To the electric vehicles which prompted this comment however, well there's really no reason for concern at all. Looking at data for 31 January 2020 when the temperature reached 42.9 in Melbourne, electricity demand at (times are Vic Daylight Savings time and note these figures do not include the impact of small scale solar generation on house roofs etc):
12:00 = 6062 MW
13:00 = 6821 MW
14:00 = 7302 MW
15:00 = 7798 MW
16:00 = 8441 MW
17:00 = 8921 MW
17:30 = 9195 MW
18:00 = 9352 MW
18:30 = 9330 MW
19:00 = 9420 MW
19:05 = 9453 MW
19:10 = 9364 MW
19:30 = 9191 MW
20:00 = 9027 MW
21:00 = 8444 MW
22:00 = 7488 MW
23:00 = 6447 MW
00:00 = 5998 MW
So
even on an extreme hot day, the period of high demand during which EV charging would be a significant issue is relatively short.
For the record, for that peak at 19:05
Wind and large solar within Victoria = 336 MW
Coal, gas and hydro within Victoria = 8548 MW
From NSW = 487 MW
From Tasmania = 464 MW
From SA = -361 MW (that is, flow was from Victoria into SA)
Figures don't quite add up due to transmission losses not shown. They're a few MW here and there between states.
That there was power from from Vic to SA at that time was primarily for economic reasons. Technically there was about 560 MW available in SA but economics didn't favour it at the time (much of that is diesel plant).
So that's a real example for a day when Vic was very close to the limit, the weather was properly hot, but there was some wind generation running and coal+gas+hydro combined worked a bit better than should be expected and no major drama resulted.
Even on that day, just two hours after the peak demand had dropped ~1000 MW, after 3 hours it was down ~2000 MW and after 4 hours it was down ~3000 MW from the peak. So there's plenty of opportunity to charge EV's overnight even on an extreme day when supply was very tight at the peak.
Based on data extracted from AEMO archives which are accessible at the link below (but it's not in layman's terms, it's the raw data).
http://www.nemweb.com.au/REPORTS/ARCHIVE/
For the record, as of right now demand in Victoria is puttering along at about 4500 MW. There's about 3500 MW of unused generating plant within the state that could run right now and if we take the total across the National Electricity Market states (all states except WA and NT plus remote towns etc in other states):
Available capacity (what's actually available and able to run, so not including anything that's dismantled for maintenance etc): 36,496 MW
Current production: 18,130 MW
So just under 50% of available supply is being used right now with 18,366 MW spare. If the wind stopped completely in every state that would still be about 14,650 MW spare.
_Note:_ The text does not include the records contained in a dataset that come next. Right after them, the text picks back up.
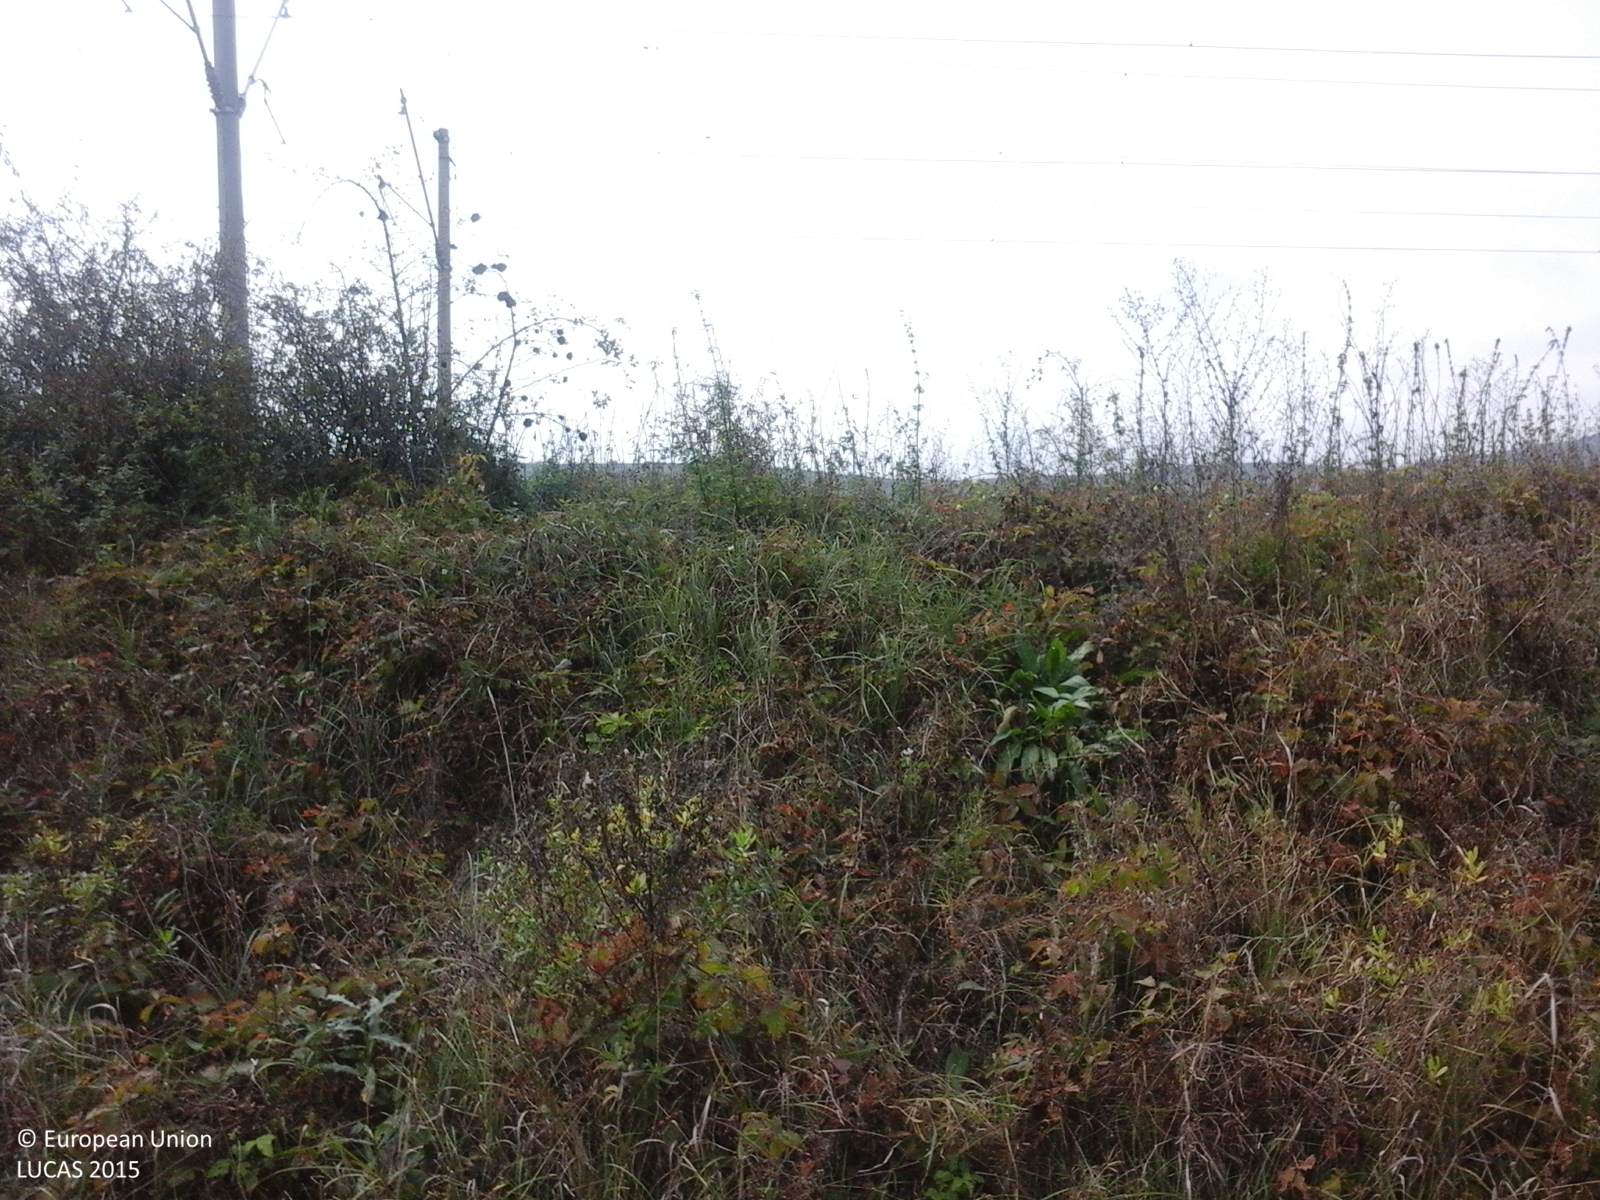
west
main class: Grassland
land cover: Grassland without tree/shrub cover
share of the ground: > 75 %
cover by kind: herbaceous plants 100 %
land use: Agriculture (excluding fallow land and kitchen gardens)
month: October
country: RO
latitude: 46.0892
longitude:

That's all pretty normal given it's the middle of the night and that's the point. More use can be made of what's already there if it can be used when demand is otherwise low in order to charge EV batteries or indeed for any worthwhile purpose. Peaks are a problem, we're on a knife edge in some states and load shedding is a real possibility over summer around 6 - 7pm, but middle of the night no worries.
For those who disagree, the data's all available to anyone with an internet connection and spreadsheet software so let's see your analysis.